*Exercise material*:
▼▼▼
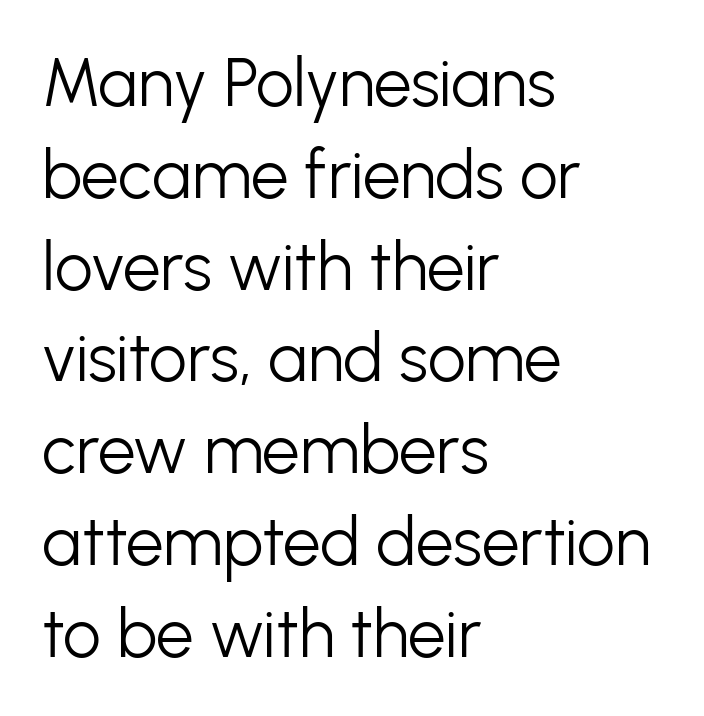
Q: Is the text bold? A: No.
Q: Is the text italic (slanted)? A: No, it is upright.
Q: Is the typeface a serif or a sans-serif typeface? A: Sans-serif.
Q: Is the text underlined? A: No.
Q: How is the paragraph aligned? A: Left-aligned.
Q: Is the spacing between letters normal or unusually wide? A: Normal.
Q: Is the spacing between lines tight, normal or loose? A: Normal.
Q: Width (condensed, normal, or wide)? A: Normal.
Q: Stroke contrast? A: Low.
Q: x-height? A: Medium.
Q: Monospaced? A: No.
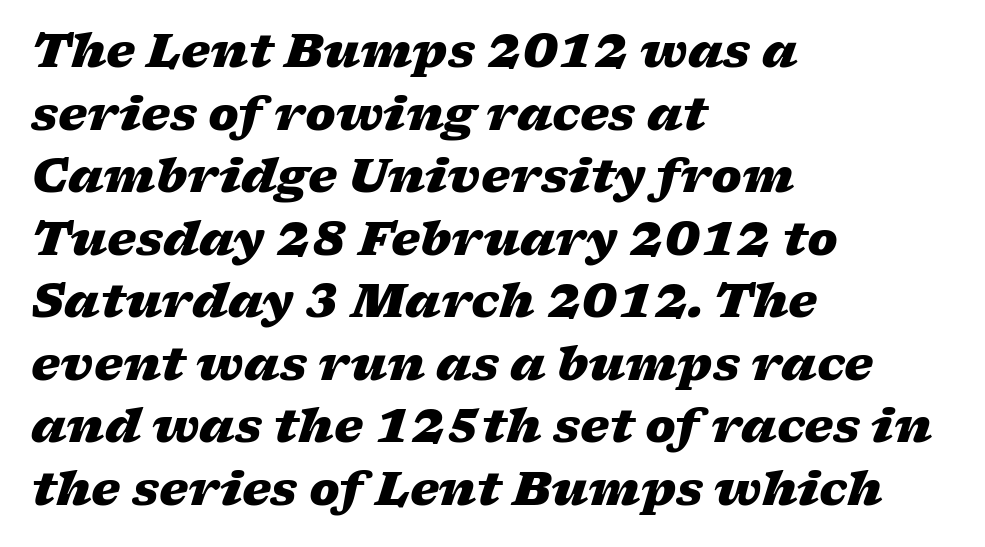
How heavy is the stroke? Heavy — this is a bold. Does extra space separate the letters? No, they use regular spacing. Quick note: interline space is typical. The rendering uses natural spacing where letterforms have individual widths. Which margin do the lines hug? The left one — the right edge is uneven. This sample uses an oblique cut, with every glyph tilted off the vertical.
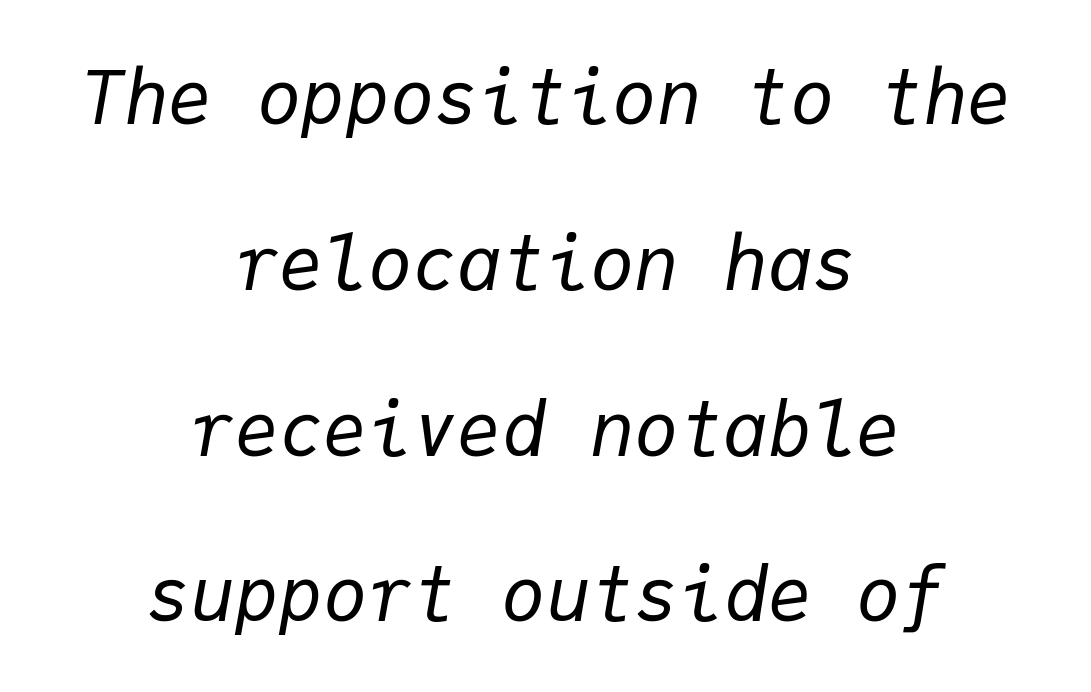
{"italic": "yes", "lean": "right", "slant_degrees": 9, "bold": "no", "weight": "regular", "width": "normal", "stroke_contrast": "low", "x_height": "medium", "monospaced": "yes", "underline": "no", "align": "center", "line_spacing": "loose", "line_spacing_ratio": 2.24, "letter_spacing": "normal", "letter_spacing_em": 0.0, "glyph_px": 74}
▲▲▲
*Work required*: Your task is to copy every line in the entries that holds the string "regular".

*Answer to the exercise*:
How heavy is the stroke? Heavy — this is a bold. Does extra space separate the letters? No, they use regular spacing. Quick note: interline space is typical. The rendering uses natural spacing where letterforms have individual widths. Which margin do the lines hug? The left one — the right edge is uneven. This sample uses an oblique cut, with every glyph tilted off the vertical.
{"italic": "yes", "lean": "right", "slant_degrees": 9, "bold": "no", "weight": "regular", "width": "normal", "stroke_contrast": "low", "x_height": "medium", "monospaced": "yes", "underline": "no", "align": "center", "line_spacing": "loose", "line_spacing_ratio": 2.24, "letter_spacing": "normal", "letter_spacing_em": 0.0, "glyph_px": 74}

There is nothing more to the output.